What is the difference between haswell from 13" and the cpu from 15"? anybody knows? Thank you
ya one's a dual core one's a quadcore
yea but why they changed the name? the 13" is haswell and 15" Crystal Well...why? only because is quad?
Because it has Iris Pro. Intels Codename for Haswell with eDRAM is Crystwell.
Taken from Wiki:
This certainly sounds like it would be a performance boost, but how much? I dont know.
Haswell chips with Iris Pro come in a special configuration that includes an additional L4 cache of 128MB in form of an additional chip on the same package. Intel calls this combination of a Haswell processor and a L4 cache "Crystalwell".
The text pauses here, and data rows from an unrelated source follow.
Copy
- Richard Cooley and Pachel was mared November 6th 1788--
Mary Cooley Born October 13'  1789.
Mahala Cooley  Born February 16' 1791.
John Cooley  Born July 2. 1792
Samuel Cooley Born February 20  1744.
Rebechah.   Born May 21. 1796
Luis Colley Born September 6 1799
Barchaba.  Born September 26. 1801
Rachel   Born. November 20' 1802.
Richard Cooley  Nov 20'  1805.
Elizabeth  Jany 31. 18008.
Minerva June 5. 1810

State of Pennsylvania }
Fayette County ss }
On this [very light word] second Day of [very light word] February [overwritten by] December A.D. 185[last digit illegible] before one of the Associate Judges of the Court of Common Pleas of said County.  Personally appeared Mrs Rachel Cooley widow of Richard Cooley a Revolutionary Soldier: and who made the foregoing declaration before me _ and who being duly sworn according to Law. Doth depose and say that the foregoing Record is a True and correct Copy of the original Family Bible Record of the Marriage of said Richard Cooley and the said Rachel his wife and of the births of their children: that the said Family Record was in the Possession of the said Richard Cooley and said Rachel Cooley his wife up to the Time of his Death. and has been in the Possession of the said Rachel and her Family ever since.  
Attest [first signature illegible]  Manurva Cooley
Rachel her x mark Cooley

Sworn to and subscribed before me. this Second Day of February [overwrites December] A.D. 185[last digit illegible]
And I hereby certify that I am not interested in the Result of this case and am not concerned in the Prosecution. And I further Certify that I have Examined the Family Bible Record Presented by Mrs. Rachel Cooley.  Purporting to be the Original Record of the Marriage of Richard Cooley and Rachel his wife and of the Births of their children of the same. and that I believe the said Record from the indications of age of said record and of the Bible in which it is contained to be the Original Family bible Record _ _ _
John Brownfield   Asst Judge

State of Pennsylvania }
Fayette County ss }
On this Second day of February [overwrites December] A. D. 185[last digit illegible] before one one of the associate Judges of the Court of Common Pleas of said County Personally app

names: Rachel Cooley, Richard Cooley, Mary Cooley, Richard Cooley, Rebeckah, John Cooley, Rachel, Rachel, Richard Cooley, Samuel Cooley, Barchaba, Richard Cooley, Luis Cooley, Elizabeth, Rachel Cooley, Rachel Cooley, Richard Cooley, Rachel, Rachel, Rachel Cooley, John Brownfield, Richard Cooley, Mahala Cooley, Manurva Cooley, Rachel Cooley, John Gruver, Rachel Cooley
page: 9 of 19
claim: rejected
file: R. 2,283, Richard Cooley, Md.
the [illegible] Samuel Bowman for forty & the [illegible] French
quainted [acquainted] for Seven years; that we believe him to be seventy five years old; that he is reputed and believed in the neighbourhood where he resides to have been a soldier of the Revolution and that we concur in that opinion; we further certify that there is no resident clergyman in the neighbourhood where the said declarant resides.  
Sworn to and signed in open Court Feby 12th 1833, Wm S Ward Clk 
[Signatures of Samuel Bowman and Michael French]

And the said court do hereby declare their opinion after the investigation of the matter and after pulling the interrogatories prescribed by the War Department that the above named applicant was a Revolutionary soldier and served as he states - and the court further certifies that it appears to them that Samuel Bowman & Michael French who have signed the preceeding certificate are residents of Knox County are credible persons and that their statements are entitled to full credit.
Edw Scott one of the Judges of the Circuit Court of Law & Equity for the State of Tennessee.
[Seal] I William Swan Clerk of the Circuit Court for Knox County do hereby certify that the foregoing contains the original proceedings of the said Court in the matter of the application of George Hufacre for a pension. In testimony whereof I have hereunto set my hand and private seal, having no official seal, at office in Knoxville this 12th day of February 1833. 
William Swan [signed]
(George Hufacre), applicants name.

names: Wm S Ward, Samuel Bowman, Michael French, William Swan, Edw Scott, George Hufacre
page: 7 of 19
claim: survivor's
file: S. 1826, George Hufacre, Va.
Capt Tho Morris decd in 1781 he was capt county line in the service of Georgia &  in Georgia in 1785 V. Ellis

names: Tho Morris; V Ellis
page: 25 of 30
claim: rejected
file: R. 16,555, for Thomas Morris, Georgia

This L4 cache boosts the integrated graphics chip significantly, but it can also be used by the CPU. So if the integrated graphics are disabled in favor of the dGPU, Crystalwell has effectively a pretty remarkable 128MB L4 cache. (L3 caches in Haswell are 4MB-8MB).
Basically the Crystalwell means it has that added 50GB/s bidirectional 128MB L4 cache which especially the GPU needs. The dual channel main memory offers only 25.6GB/s.
So the Iris in the 13" is really rather slow. The GPU is big and in theory can chrunch numbers but it quickly runs against a wall because it starves for data to process. It has only those 25.6GB/s not the 50GB/s x2 added.
Intel plans to add such a codename Crystalwell memory on package on all CPUs they sell. These Quad Core are the first to benefit from it.
This is the first step. The benefit is apperantly speed, latency and power efficiency. Traditional memory in dram modules with GDDR5 or DDR3 are always a tradeoff. GDDR5 has horrible latency and is unsuitable for CPUs, DDR3 doesn't have the bandwidth GPUs want. Some form of HMC memory directly on the CPU package is the holy grail they are aiming for.
It really only matters for the onboard GPU. The CPU part doesn't yet really need it, but in some rare cases it does give some extra boost (Mostly because of the lower latency I think and not the added bandwidth).